Why $1+(-1)=0$ in the Hamiltonian Quaternion but not in the group ring $RQ_8$? 
*

*An example from Dummit & foote says that $1 + (-1) = 0$ in the Hamiltonian Quaternion, but nonzero in $RQ_8$ ($R$ is the real line, $Q_8$ is the Quaternion group).  
In the Hamiltonian Quaternion, $1 + (-1)$ are actually written as $$1 + 0i + 0j + 0k + (-1) + 0i + 0j + 0k = (1-1) + 0i + 0j + 0k,$$
and I do not understand why this equals zero.  Do we know what $1-1$ amounts to in the Quaternion group? 
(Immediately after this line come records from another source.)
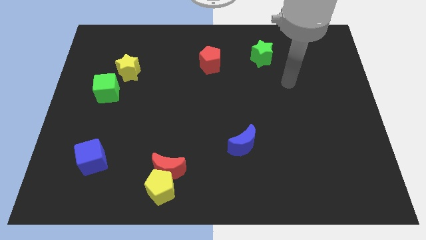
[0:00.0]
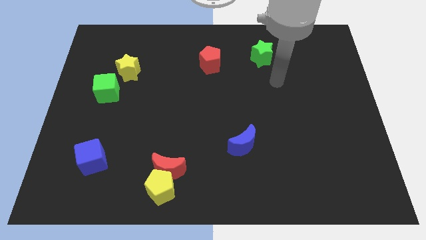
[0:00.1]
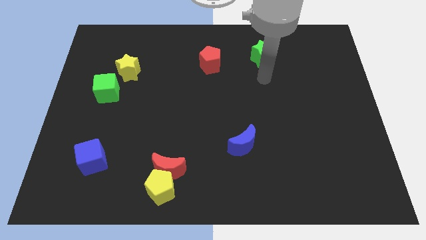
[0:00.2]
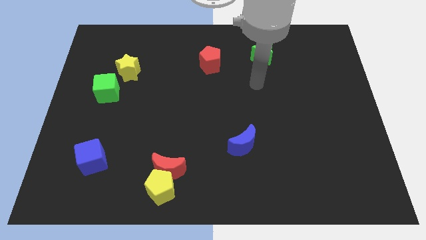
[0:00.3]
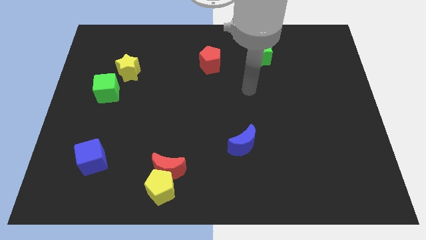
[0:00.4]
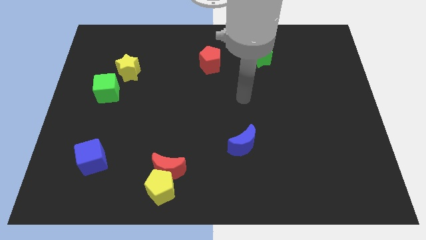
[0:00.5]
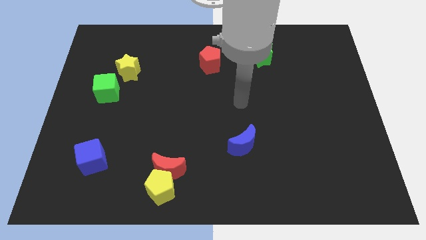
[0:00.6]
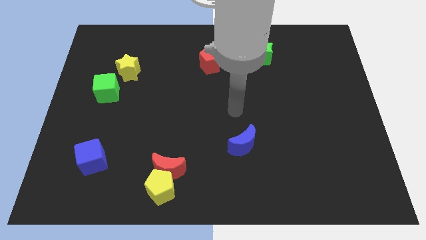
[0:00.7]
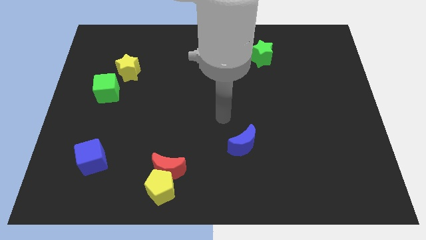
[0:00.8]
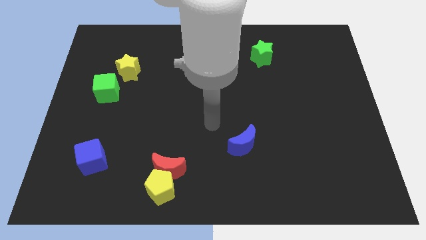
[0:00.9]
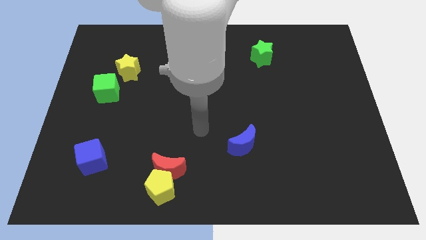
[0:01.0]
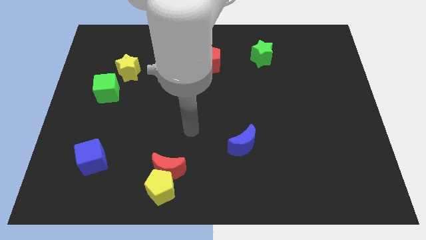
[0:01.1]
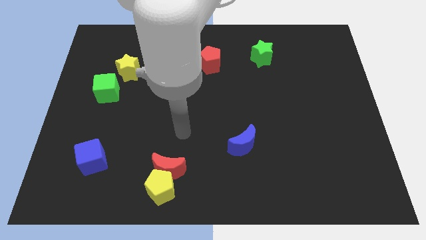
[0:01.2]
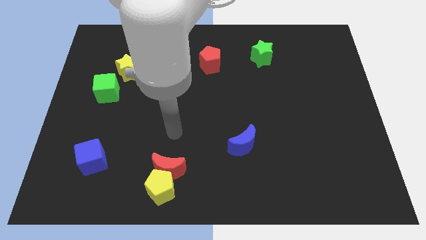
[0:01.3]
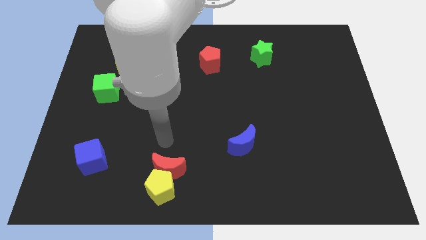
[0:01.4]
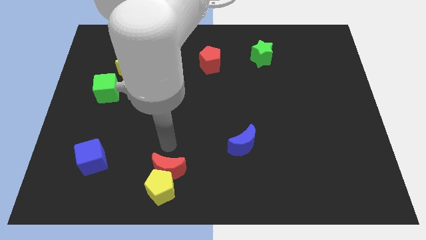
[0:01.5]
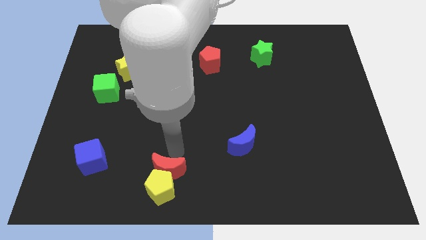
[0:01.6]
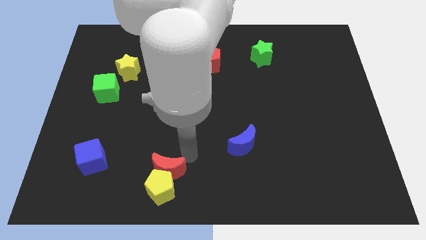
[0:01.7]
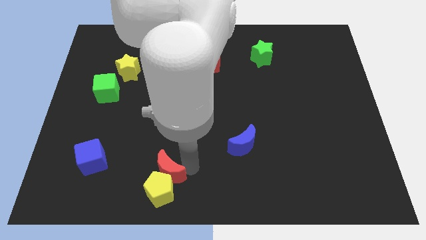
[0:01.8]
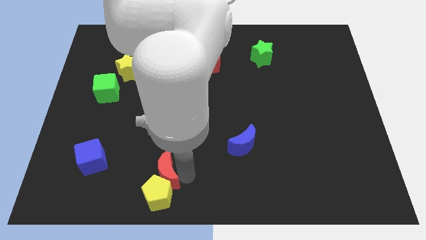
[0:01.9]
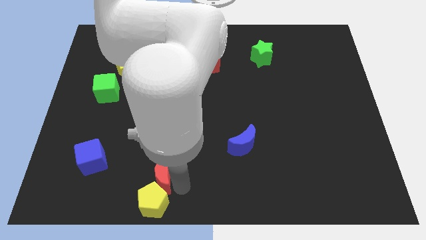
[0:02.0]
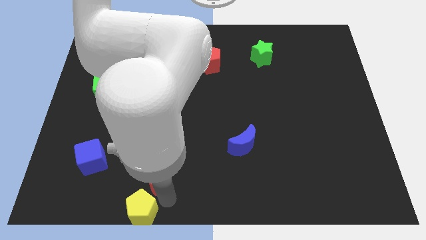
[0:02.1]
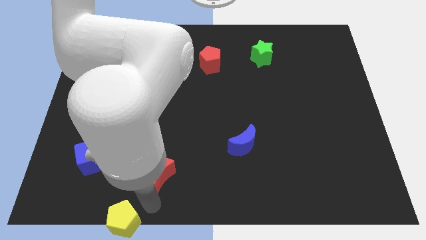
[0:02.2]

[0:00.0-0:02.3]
move the red moon away from the yellow pentagon

*Also is a ring $R$ really a subring of $R[x]$.
Strictly speaking, a constant term in a polynomial ring is actually written as $(r,0,0,0,0,0,\ldots)$ which is not an element in $R$. So I do not really think $R$ is even an subset of $R[x]$.
$R$ is isomorphic to a subring of $R[x]$. But why can we conclude that $R$ is a subring of $R[x]$?
 A: You should really think of $\mathbb{H}$ (the Hamiltonians) as an algebra structure on $\mathbb{R}^4$ in the same way that $\mathbb{C}$ is an algebra structure on $\mathbb{R}^2$. In both cases, addition is pointwise (inherited from $\mathbb{R}$). In $\mathbb{H}$, multiplication given by the identification $1=(1,0,0,0)$, $i=(0,1,0,0)$, $j=(0,0,1,0)$ and $k=(0,0,0,1)$. So, for example,
$$(0,1,0,0)(0,1,0,0)=i^2=-1=(-1,0,0,0)$$
and
$$(0,1,0,0)(0,0,1,0)=ij=k=(0,0,0,1)$$
etc..
From this point of view, it is clear why $$1-1=(1,0,0,0)-(1,0,0,0)=(1-1,0,0,0)=(0,0,0,0)=0.$$
Now, for your second question, you are right that $R$ is ``isomorphic'' to a subring of $R[x]$, but it is common in mathematics to identify [groups, rings, etc.] with their image under an injective morphism (sometimes even when you shouldn't). In this particular case, there is nothing to be gained by distinguishing $R$ from the set of constant polynomials in $R[x]$.
A: *

*Elements of $RQ_8$ are formal linear combinations of elements of $Q_8$. Think of the elements of $Q_8$ as a basis for a vector space. Then 1 and $-1$ are linearly independent. In particular, $1 + (-1) \ne 0$.

*You're right, however $R$ is always canonically isomorphic to a subring of $R[x]$. So we identify the two.